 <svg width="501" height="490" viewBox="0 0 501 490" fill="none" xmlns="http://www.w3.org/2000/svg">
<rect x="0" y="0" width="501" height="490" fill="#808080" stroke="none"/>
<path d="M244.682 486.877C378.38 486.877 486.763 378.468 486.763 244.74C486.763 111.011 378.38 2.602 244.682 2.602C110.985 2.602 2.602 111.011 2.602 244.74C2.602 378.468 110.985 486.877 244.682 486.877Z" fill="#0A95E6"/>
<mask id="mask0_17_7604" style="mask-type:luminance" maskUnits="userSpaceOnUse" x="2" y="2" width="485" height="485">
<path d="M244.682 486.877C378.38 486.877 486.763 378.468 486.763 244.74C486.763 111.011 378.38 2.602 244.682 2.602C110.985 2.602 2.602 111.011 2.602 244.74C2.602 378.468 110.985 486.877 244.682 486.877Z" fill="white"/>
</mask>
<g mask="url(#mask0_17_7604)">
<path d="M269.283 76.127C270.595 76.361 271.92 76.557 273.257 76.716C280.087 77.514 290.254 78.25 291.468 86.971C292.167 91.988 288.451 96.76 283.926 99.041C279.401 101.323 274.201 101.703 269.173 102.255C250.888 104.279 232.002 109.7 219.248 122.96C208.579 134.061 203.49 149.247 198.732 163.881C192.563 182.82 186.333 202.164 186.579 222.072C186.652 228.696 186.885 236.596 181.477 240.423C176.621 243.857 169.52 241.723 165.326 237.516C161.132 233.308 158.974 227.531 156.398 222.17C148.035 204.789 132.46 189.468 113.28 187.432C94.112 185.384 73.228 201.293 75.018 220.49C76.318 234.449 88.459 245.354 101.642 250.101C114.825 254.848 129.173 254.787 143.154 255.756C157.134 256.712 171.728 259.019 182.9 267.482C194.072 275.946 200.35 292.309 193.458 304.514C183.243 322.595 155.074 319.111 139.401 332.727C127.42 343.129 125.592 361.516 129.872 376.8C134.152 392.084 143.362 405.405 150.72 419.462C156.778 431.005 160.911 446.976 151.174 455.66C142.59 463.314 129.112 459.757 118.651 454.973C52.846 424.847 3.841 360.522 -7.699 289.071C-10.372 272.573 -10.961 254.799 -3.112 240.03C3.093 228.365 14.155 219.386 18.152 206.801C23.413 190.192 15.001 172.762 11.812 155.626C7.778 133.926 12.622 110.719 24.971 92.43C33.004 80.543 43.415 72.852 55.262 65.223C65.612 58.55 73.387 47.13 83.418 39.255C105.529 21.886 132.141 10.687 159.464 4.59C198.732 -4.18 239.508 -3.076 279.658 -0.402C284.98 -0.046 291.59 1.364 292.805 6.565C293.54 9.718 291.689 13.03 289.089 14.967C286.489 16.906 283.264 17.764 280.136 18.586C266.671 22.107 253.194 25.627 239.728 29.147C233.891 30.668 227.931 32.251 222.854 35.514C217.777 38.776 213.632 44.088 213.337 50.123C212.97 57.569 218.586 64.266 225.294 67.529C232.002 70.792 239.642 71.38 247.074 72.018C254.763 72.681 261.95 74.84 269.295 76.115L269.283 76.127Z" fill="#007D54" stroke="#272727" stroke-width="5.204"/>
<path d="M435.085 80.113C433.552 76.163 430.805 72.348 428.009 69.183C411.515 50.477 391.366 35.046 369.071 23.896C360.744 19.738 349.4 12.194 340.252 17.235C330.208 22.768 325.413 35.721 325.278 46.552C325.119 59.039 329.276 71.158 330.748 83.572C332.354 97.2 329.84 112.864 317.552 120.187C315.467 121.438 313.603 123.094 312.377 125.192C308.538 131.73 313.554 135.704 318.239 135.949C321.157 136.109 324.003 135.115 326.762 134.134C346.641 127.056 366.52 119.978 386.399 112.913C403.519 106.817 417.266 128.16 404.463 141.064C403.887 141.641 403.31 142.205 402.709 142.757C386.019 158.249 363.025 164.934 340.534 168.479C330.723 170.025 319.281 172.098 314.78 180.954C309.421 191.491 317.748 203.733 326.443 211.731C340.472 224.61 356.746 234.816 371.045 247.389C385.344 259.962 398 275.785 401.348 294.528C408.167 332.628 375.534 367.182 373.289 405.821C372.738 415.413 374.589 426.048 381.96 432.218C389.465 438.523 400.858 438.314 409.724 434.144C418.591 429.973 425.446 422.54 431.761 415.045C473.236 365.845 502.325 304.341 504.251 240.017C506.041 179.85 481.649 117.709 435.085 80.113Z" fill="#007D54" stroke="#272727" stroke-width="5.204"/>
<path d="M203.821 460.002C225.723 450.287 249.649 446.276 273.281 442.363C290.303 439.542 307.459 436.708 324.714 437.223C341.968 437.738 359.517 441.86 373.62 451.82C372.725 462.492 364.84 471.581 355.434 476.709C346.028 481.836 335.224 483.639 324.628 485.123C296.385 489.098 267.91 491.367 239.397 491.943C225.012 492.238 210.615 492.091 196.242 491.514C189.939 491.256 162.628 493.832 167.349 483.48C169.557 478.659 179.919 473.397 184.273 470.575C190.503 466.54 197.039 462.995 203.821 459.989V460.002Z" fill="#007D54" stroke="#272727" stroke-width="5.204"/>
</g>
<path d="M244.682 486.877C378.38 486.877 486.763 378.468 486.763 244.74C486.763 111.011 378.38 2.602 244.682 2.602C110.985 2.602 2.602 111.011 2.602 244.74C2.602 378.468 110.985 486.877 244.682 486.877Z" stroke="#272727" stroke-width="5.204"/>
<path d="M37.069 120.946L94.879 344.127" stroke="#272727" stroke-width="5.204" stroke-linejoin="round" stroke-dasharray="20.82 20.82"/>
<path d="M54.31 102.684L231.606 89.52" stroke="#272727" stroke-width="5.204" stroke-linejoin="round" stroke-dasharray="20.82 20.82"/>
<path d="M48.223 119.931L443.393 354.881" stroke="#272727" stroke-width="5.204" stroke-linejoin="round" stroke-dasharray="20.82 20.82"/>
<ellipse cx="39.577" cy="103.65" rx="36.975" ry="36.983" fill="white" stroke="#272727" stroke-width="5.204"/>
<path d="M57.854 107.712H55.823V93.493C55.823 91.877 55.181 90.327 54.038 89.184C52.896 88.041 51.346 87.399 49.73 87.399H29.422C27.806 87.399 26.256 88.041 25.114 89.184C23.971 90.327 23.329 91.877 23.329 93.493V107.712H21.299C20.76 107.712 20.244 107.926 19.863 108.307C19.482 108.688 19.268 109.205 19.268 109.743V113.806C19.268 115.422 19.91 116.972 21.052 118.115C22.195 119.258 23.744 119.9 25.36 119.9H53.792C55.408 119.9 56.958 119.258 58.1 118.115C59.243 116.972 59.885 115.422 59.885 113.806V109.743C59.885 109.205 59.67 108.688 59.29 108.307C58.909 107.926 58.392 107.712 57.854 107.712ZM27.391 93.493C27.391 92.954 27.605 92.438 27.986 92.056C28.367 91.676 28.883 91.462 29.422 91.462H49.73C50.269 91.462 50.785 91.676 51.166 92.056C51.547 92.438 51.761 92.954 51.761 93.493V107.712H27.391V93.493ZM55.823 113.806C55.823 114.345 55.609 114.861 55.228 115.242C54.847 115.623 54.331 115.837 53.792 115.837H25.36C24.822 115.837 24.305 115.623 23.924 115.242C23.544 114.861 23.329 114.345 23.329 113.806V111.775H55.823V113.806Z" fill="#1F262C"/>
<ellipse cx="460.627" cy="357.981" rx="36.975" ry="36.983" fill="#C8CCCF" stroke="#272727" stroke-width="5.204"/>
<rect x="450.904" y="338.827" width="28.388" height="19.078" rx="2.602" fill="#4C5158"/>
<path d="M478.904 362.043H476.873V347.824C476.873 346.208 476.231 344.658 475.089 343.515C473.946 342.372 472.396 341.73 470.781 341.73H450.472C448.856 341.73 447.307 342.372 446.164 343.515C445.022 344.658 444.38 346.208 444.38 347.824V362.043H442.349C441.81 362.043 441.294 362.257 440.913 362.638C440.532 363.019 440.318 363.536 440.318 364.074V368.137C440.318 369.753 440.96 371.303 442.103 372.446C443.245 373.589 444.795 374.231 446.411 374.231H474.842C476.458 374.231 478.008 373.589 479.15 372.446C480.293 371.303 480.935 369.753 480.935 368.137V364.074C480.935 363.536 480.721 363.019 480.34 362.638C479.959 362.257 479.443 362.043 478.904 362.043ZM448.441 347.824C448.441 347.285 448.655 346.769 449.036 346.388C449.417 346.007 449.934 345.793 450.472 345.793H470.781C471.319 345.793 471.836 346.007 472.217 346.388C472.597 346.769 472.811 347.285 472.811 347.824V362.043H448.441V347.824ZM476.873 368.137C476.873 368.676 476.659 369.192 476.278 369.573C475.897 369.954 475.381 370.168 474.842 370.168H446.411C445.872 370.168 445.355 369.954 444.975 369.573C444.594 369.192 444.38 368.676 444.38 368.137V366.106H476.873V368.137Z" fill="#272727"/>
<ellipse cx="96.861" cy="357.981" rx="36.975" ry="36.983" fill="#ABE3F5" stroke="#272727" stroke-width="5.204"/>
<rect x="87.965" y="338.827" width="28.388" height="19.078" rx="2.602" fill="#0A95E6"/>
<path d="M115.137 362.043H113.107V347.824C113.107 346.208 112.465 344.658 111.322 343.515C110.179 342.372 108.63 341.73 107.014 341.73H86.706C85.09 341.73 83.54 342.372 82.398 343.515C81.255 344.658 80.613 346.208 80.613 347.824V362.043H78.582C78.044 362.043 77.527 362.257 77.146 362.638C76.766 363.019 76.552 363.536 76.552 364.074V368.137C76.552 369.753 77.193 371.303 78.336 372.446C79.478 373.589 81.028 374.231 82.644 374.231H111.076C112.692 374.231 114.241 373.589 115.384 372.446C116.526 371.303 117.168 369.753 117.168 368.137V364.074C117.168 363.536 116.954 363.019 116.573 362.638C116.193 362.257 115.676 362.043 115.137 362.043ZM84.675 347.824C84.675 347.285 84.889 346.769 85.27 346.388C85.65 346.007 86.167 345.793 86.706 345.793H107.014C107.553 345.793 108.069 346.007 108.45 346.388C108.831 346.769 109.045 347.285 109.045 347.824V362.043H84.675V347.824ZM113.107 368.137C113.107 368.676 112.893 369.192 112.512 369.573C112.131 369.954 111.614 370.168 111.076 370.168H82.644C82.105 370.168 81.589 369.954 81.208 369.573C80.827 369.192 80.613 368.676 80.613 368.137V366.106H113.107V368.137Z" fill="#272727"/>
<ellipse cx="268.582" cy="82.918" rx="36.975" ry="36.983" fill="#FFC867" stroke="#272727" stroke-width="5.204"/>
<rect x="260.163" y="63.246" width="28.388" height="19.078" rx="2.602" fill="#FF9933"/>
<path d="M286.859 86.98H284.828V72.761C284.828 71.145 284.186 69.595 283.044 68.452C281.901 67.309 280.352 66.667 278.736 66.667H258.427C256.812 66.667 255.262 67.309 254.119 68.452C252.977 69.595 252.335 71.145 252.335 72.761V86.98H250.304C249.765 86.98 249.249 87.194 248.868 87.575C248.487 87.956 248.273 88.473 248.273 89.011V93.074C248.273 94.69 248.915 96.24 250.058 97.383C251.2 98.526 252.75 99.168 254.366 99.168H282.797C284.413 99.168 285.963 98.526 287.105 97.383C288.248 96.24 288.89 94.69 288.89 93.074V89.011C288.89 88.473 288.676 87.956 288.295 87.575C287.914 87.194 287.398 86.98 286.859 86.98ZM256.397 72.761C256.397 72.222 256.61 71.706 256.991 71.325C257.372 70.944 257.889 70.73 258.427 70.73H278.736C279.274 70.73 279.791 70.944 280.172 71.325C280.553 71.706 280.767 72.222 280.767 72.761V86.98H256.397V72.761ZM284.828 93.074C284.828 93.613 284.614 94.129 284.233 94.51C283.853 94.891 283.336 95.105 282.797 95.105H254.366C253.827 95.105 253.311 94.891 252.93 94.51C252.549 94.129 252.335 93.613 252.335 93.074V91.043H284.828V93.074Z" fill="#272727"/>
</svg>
============
WHAT YOU WILL DO | Report each line in the data that holds the word "mask".

RESPONSE |
<mask id="mask0_17_7604" style="mask-type:luminance" maskUnits="userSpaceOnUse" x="2" y="2" width="485" height="485">
</mask>
<g mask="url(#mask0_17_7604)">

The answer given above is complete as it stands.